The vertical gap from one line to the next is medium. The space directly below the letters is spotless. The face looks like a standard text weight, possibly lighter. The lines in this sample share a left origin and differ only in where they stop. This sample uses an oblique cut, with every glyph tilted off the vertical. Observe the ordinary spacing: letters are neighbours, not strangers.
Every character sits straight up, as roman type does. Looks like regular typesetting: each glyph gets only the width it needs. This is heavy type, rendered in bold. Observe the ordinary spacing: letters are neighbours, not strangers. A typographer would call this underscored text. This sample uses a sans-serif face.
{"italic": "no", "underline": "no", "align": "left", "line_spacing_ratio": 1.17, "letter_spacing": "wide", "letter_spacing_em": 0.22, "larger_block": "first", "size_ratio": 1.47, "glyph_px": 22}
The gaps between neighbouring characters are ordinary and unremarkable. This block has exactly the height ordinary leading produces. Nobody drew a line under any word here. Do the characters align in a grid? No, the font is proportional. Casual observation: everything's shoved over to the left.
==
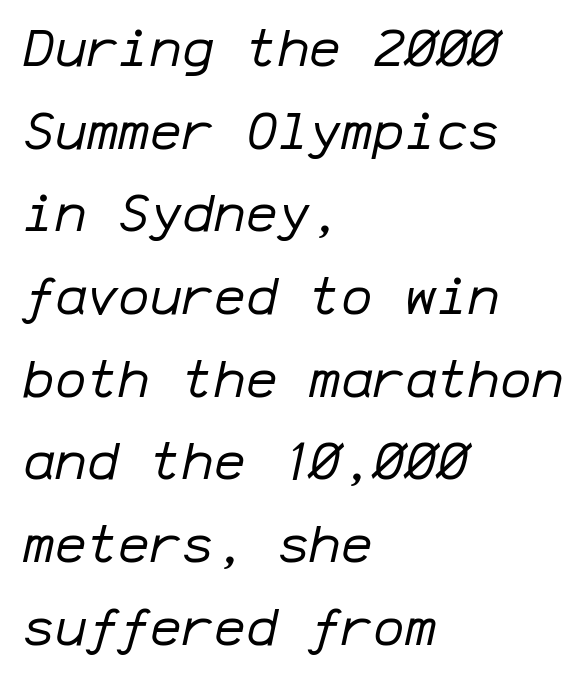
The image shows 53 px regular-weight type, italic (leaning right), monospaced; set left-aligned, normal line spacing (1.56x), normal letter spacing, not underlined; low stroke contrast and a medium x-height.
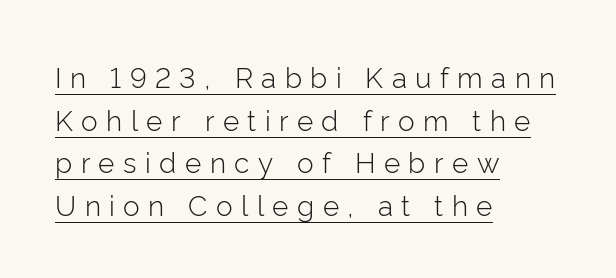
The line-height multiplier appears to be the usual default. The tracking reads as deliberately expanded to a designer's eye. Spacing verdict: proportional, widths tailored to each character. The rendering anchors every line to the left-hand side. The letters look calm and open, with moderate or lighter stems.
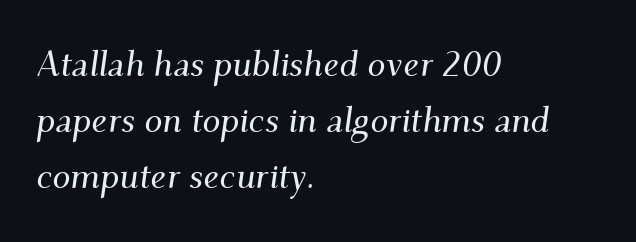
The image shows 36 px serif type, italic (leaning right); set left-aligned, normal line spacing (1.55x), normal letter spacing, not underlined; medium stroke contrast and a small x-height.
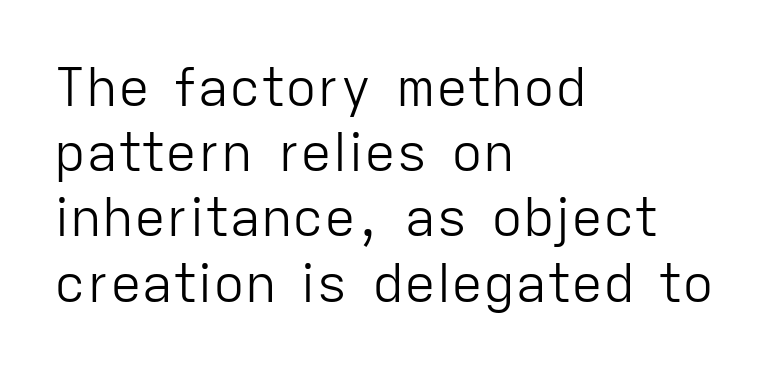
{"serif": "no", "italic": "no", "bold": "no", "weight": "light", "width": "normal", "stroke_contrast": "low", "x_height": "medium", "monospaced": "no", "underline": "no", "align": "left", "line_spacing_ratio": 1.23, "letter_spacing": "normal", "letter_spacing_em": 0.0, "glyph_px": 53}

#### [Task instructions]
Only lines holding the word "left" are wanted here; copy each from the listing.

#### [Task output]
The vertical gap from one line to the next is medium. The space directly below the letters is spotless. The face looks like a standard text weight, possibly lighter. The lines in this sample share a left origin and differ only in where they stop. This sample uses an oblique cut, with every glyph tilted off the vertical. Observe the ordinary spacing: letters are neighbours, not strangers.
{"italic": "no", "underline": "no", "align": "left", "line_spacing_ratio": 1.17, "letter_spacing": "wide", "letter_spacing_em": 0.22, "larger_block": "first", "size_ratio": 1.47, "glyph_px": 22}
The gaps between neighbouring characters are ordinary and unremarkable. This block has exactly the height ordinary leading produces. Nobody drew a line under any word here. Do the characters align in a grid? No, the font is proportional. Casual observation: everything's shoved over to the left.
The image shows 53 px regular-weight type, italic (leaning right), monospaced; set left-aligned, normal line spacing (1.56x), normal letter spacing, not underlined; low stroke contrast and a medium x-height.
The line-height multiplier appears to be the usual default. The tracking reads as deliberately expanded to a designer's eye. Spacing verdict: proportional, widths tailored to each character. The rendering anchors every line to the left-hand side. The letters look calm and open, with moderate or lighter stems.
The image shows 36 px serif type, italic (leaning right); set left-aligned, normal line spacing (1.55x), normal letter spacing, not underlined; medium stroke contrast and a small x-height.
{"serif": "no", "italic": "no", "bold": "no", "weight": "light", "width": "normal", "stroke_contrast": "low", "x_height": "medium", "monospaced": "no", "underline": "no", "align": "left", "line_spacing_ratio": 1.23, "letter_spacing": "normal", "letter_spacing_em": 0.0, "glyph_px": 53}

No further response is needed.